Background and Methods: NKG2D is an activating receptor expressed by NK cells and various T cell subsets that plays important roles in virus immunity and cancer immune-surveillance. The genetic variant rs1049174 in the NKG2D gene generates two well-defined genotypes: the LNK (low natural killer) and HNK (high natural killer). Notably, rs1049174 occurs within a targeting site for miR-1245, a negative regulator of NKG2D expression, where the LNK allele is more efficiently targeted by miR-1245 than the allele HNK, and thus NK cells from individuals with the LNK genotype display lower NKG2D expression and less efficient NKG2D-mediated functions than NK cells with the HNK genotype. We hypothesized that rs1049174 may influence lymphoma susceptibility given the critical role of immunosurveillance in lymphoma development. We investigated the rs1049174 genotype distribution in a cohort of 679 Vietnamese patients with lymphoma, including 601 non-Hodgkin lymphoma (NHL), 78 Hodgkin lymphoma (HL), and 618 healthy individuals. The potential association of the NKG2D gene variant rs1049174 with the immune responses of NK cells against EBV-infected B cells was also studied. The rs1049174 genotypes were carried out using the TaqMan method, and comparisons were made using chi-square or two-sided Fisher's exact tests. Significance was assessed at the 0.05 level.

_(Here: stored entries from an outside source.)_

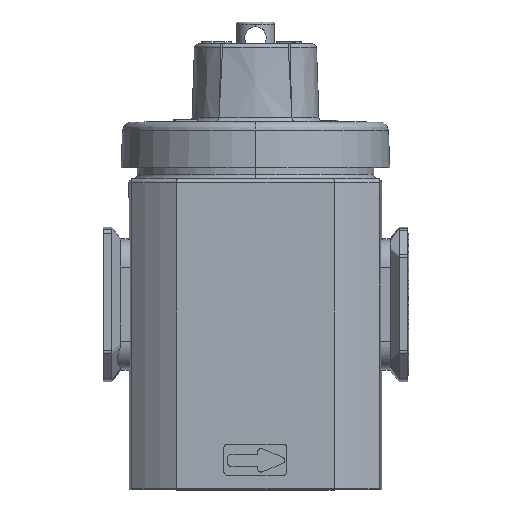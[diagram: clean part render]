
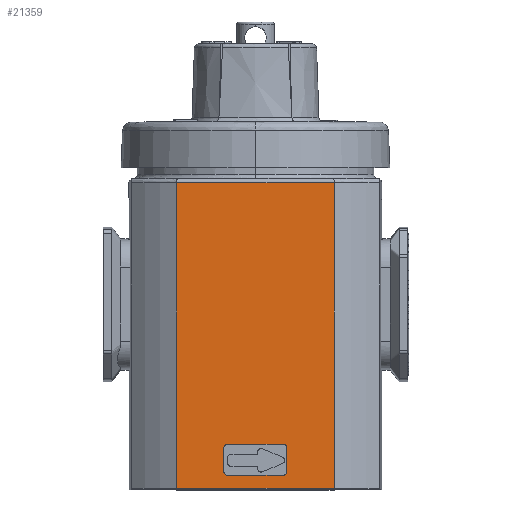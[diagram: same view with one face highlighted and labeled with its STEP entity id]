
A CAD part, top view. The second image highlights one B-rep face of the part: STEP entity #21359.
In plain terms, the highlighted planar face has unit normal (0, 0, 1).
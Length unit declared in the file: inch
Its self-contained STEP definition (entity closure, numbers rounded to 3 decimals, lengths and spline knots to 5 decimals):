
#170 = CARTESIAN_POINT ( 'NONE',  ( 1.5748, 2.77559, 1.41732 ) ) ;
#257 = VERTEX_POINT ( 'NONE', #20404 ) ;
#551 = EDGE_CURVE ( 'NONE', #7491, #3467, #10713, .T. ) ;
#578 = VERTEX_POINT ( 'NONE', #13740 ) ;
#803 = AXIS2_PLACEMENT_3D ( 'NONE', #13532, #7281, #27046 ) ;
#888 = EDGE_CURVE ( 'NONE', #19908, #14458, #17357, .T. ) ;
#1361 = DIRECTION ( 'NONE',  ( 0., -1., 0. ) ) ;
#1394 = ORIENTED_EDGE ( 'NONE', *, *, #10168, .T. ) ;
#1417 = ORIENTED_EDGE ( 'NONE', *, *, #9976, .F. ) ;
#1760 = EDGE_CURVE ( 'NONE', #3215, #9372, #10559, .T. ) ;
#1767 = DIRECTION ( 'NONE',  ( 1., 0., 0. ) ) ;
#2102 = VECTOR ( 'NONE', #17643, 39.37008 ) ;
#2213 = CARTESIAN_POINT ( 'NONE',  ( 0.71312, 2.77559, 1.41732 ) ) ;
#2306 = EDGE_CURVE ( 'NONE', #7491, #15769, #11890, .T. ) ;
#2331 = CARTESIAN_POINT ( 'NONE',  ( -0.2498, 0.37244, 1.41732 ) ) ;
#2376 = CARTESIAN_POINT ( 'NONE',  ( -0.71312, 2.77559, 1.41732 ) ) ;
#2836 = LINE ( 'NONE', #7226, #27097 ) ;
#3066 = EDGE_CURVE ( 'NONE', #16734, #18370, #16511, .T. ) ;
#3108 = AXIS2_PLACEMENT_3D ( 'NONE', #8075, #23644, #19268 ) ;
#3157 = VECTOR ( 'NONE', #14405, 39.37008 ) ;
#3215 = VERTEX_POINT ( 'NONE', #27195 ) ;
#3467 = VERTEX_POINT ( 'NONE', #14547 ) ;
#3486 = CARTESIAN_POINT ( 'NONE',  ( -0.28524, 0.16339, 1.41732 ) ) ;
#3523 = LINE ( 'NONE', #21708, #3768 ) ;
#3524 = EDGE_LOOP ( 'NONE', ( #1394, #17241, #13444, #4245, #23517, #1417, #10747, #16340 ) ) ;
#3768 = VECTOR ( 'NONE', #1767, 39.37008 ) ;
#3950 = DIRECTION ( 'NONE',  ( 0., 0., -1. ) ) ;
#4191 = EDGE_CURVE ( 'NONE', #578, #14458, #17545, .T. ) ;
#4245 = ORIENTED_EDGE ( 'NONE', *, *, #15424, .F. ) ;
#4891 = DIRECTION ( 'NONE',  ( 1., 0., 0. ) ) ;
#6116 = CARTESIAN_POINT ( 'NONE',  ( 0.2498, 0.12795, 1.41732 ) ) ;
#6290 = EDGE_CURVE ( 'NONE', #257, #16734, #3523, .T. ) ;
#6742 = FACE_BOUND ( 'NONE', #3524, .T. ) ;
#7145 = CARTESIAN_POINT ( 'NONE',  ( 1.5748, 0.00984, 1.41732 ) ) ;
#7226 = CARTESIAN_POINT ( 'NONE',  ( 1.5748, 0.12795, 1.41732 ) ) ;
#7281 = DIRECTION ( 'NONE',  ( 0., 0., -1. ) ) ;
#7491 = VERTEX_POINT ( 'NONE', #11598 ) ;
#7584 = LINE ( 'NONE', #7145, #10884 ) ;
#7633 = VERTEX_POINT ( 'NONE', #21341 ) ;
#8075 = CARTESIAN_POINT ( 'NONE',  ( 0.2498, 0.16339, 1.41732 ) ) ;
#8467 = AXIS2_PLACEMENT_3D ( 'NONE', #2331, #17624, #11356 ) ;
#8936 = DIRECTION ( 'NONE',  ( 0., 0., -1. ) ) ;
#9372 = VERTEX_POINT ( 'NONE', #6116 ) ;
#9976 = EDGE_CURVE ( 'NONE', #578, #9372, #2836, .T. ) ;
#10168 = EDGE_CURVE ( 'NONE', #19908, #3467, #14560, .T. ) ;
#10557 = VECTOR ( 'NONE', #1361, 39.37008 ) ;
#10559 = CIRCLE ( 'NONE', #3108, 0.03543 ) ;
#10713 = LINE ( 'NONE', #19584, #10948 ) ;
#10747 = ORIENTED_EDGE ( 'NONE', *, *, #4191, .T. ) ;
#10857 = AXIS2_PLACEMENT_3D ( 'NONE', #170, #8936, #15607 ) ;
#10884 = VECTOR ( 'NONE', #24880, 39.37008 ) ;
#10948 = VECTOR ( 'NONE', #19875, 39.37008 ) ;
#11265 = DIRECTION ( 'NONE',  ( 0., 1., 0. ) ) ;
#11356 = DIRECTION ( 'NONE',  ( 1., 0., 0. ) ) ;
#11598 = CARTESIAN_POINT ( 'NONE',  ( 0.2498, 0.40787, 1.41732 ) ) ;
#11890 = CIRCLE ( 'NONE', #803, 0.03543 ) ;
#13444 = ORIENTED_EDGE ( 'NONE', *, *, #2306, .T. ) ;
#13532 = CARTESIAN_POINT ( 'NONE',  ( 0.2498, 0.37244, 1.41732 ) ) ;
#13643 = CARTESIAN_POINT ( 'NONE',  ( 0.71312, 0.00984, 1.41732 ) ) ;
#13740 = CARTESIAN_POINT ( 'NONE',  ( -0.2498, 0.12795, 1.41732 ) ) ;
#14405 = DIRECTION ( 'NONE',  ( 0., 1., 0. ) ) ;
#14458 = VERTEX_POINT ( 'NONE', #3486 ) ;
#14547 = CARTESIAN_POINT ( 'NONE',  ( -0.2498, 0.40787, 1.41732 ) ) ;
#14560 = CIRCLE ( 'NONE', #8467, 0.03543 ) ;
#15011 = CARTESIAN_POINT ( 'NONE',  ( -0.2498, 0.16339, 1.41732 ) ) ;
#15150 = DIRECTION ( 'NONE',  ( 1., 0., 0. ) ) ;
#15424 = EDGE_CURVE ( 'NONE', #3215, #15769, #22724, .T. ) ;
#15537 = ORIENTED_EDGE ( 'NONE', *, *, #21755, .F. ) ;
#15607 = DIRECTION ( 'NONE',  ( -1., 0., 0. ) ) ;
#15769 = VERTEX_POINT ( 'NONE', #21969 ) ;
#16020 = CARTESIAN_POINT ( 'NONE',  ( 0.28524, 2.77559, 1.41732 ) ) ;
#16340 = ORIENTED_EDGE ( 'NONE', *, *, #888, .F. ) ;
#16511 = LINE ( 'NONE', #26098, #10557 ) ;
#16734 = VERTEX_POINT ( 'NONE', #2213 ) ;
#17097 = AXIS2_PLACEMENT_3D ( 'NONE', #15011, #3950, #15150 ) ;
#17241 = ORIENTED_EDGE ( 'NONE', *, *, #551, .F. ) ;
#17357 = LINE ( 'NONE', #24344, #2102 ) ;
#17545 = CIRCLE ( 'NONE', #17097, 0.03543 ) ;
#17624 = DIRECTION ( 'NONE',  ( 0., 0., -1. ) ) ;
#17643 = DIRECTION ( 'NONE',  ( 0., -1., 0. ) ) ;
#18370 = VERTEX_POINT ( 'NONE', #13643 ) ;
#19268 = DIRECTION ( 'NONE',  ( 1., 0., 0. ) ) ;
#19584 = CARTESIAN_POINT ( 'NONE',  ( 1.5748, 0.40787, 1.41732 ) ) ;
#19875 = DIRECTION ( 'NONE',  ( -1., 0., 0. ) ) ;
#19908 = VERTEX_POINT ( 'NONE', #27408 ) ;
#20031 = ORIENTED_EDGE ( 'NONE', *, *, #6290, .F. ) ;
#20404 = CARTESIAN_POINT ( 'NONE',  ( -0.71312, 2.77559, 1.41732 ) ) ;
#20665 = VECTOR ( 'NONE', #11265, 39.37008 ) ;
#21341 = CARTESIAN_POINT ( 'NONE',  ( -0.71312, 0.00984, 1.41732 ) ) ;
#21359 = ADVANCED_FACE ( 'NONE', ( #28306, #6742 ), #21627, .F. ) ;
#21627 = PLANE ( 'NONE',  #10857 ) ;
#21708 = CARTESIAN_POINT ( 'NONE',  ( 1.5748, 2.77559, 1.41732 ) ) ;
#21755 = EDGE_CURVE ( 'NONE', #18370, #7633, #7584, .T. ) ;
#21969 = CARTESIAN_POINT ( 'NONE',  ( 0.28524, 0.37244, 1.41732 ) ) ;
#22724 = LINE ( 'NONE', #16020, #3157 ) ;
#23517 = ORIENTED_EDGE ( 'NONE', *, *, #1760, .T. ) ;
#23644 = DIRECTION ( 'NONE',  ( 0., 0., -1. ) ) ;
#23866 = ORIENTED_EDGE ( 'NONE', *, *, #3066, .F. ) ;
#24344 = CARTESIAN_POINT ( 'NONE',  ( -0.28524, 2.77559, 1.41732 ) ) ;
#24598 = EDGE_LOOP ( 'NONE', ( #25720, #15537, #23866, #20031 ) ) ;
#24880 = DIRECTION ( 'NONE',  ( -1., 0., 0. ) ) ;
#25720 = ORIENTED_EDGE ( 'NONE', *, *, #28069, .F. ) ;
#26098 = CARTESIAN_POINT ( 'NONE',  ( 0.71312, 2.77559, 1.41732 ) ) ;
#26539 = LINE ( 'NONE', #2376, #20665 ) ;
#27046 = DIRECTION ( 'NONE',  ( 1., 0., 0. ) ) ;
#27097 = VECTOR ( 'NONE', #4891, 39.37008 ) ;
#27195 = CARTESIAN_POINT ( 'NONE',  ( 0.28524, 0.16339, 1.41732 ) ) ;
#27408 = CARTESIAN_POINT ( 'NONE',  ( -0.28524, 0.37244, 1.41732 ) ) ;
#28069 = EDGE_CURVE ( 'NONE', #7633, #257, #26539, .T. ) ;
#28306 = FACE_OUTER_BOUND ( 'NONE', #24598, .T. ) ;

Results: The ages of lymphoma patients tested for rs1049174 ranged from 16 to 92 years, with a mean of 53 years, and 58% were male. Compared to the genotype frequency in healthy individuals (HNK 35%), the HNK genotype in lymphoma patients was significantly less frequent (HNK 27%, p = 0.01). This was true even when the patients were categorized into NHL (n = 78, HNK = 27%, p = 0.01) and NHL (n = 610, HNK = 28.2%, p = 0.02), although the association between HNK genotypes was not significant among patients with diffuse large B cell lymphoma (n = 280, HNK = 29.2%, p = 0.07). Notably, among the 310 EBV+ lymphomas in this cohort, the HNK genotype in lymphoma patients was significantly less frequent (HNK 24.2%, p = 0.005) compared with healthy controls, suggesting a link between EBV-induced carcinogenesis and the rs1049174 genotypes.

To assess the NKG2D-mediated immune response in EBV-mediated carcinogenesis, we used flow cytometry time kinetic studies to evaluate the expression of NKG2D ligands (NKG2D-Ls) on the surface of B cells during the in vitro transformation process induced by EBV infection. Among the NKG2D-Ls tested (MICA/B, ULBP1, ULBP2, ULBP3, and ULBP5), we observed that ULBP3 and, to some extent, MICA/B were upregulated in EBV-infected B cells, reaching their highest expression level by day 7 after infection, while gradually decreasing their expression to become almost undetectable by three weeks after EBV infection. In cytotoxicity studies, freshly isolated autologous NK cells recognized and eliminated a considerable fraction of EBV-infected B cells, and these effects were attenuated by the prior exposure of NK cells to an anti-NKG2D blocking antibody, supporting the involvement of the NKG2D axis in NK cell immunity to EBV-infected B cells. Importantly, NK cells from individuals with the HNK genotype were significantly more effective than NK cells with the LNK genotype in eliminating their corresponding autologous EBV-infected B cells and more efficiently preventing their transformation into lymphoblastoid cells.

Conclusions: The NKG2D variants may influence cancer immunosurveillance, including NK cell immunity against EBV infection, and thus determine susceptibility to EBV-associated malignancies.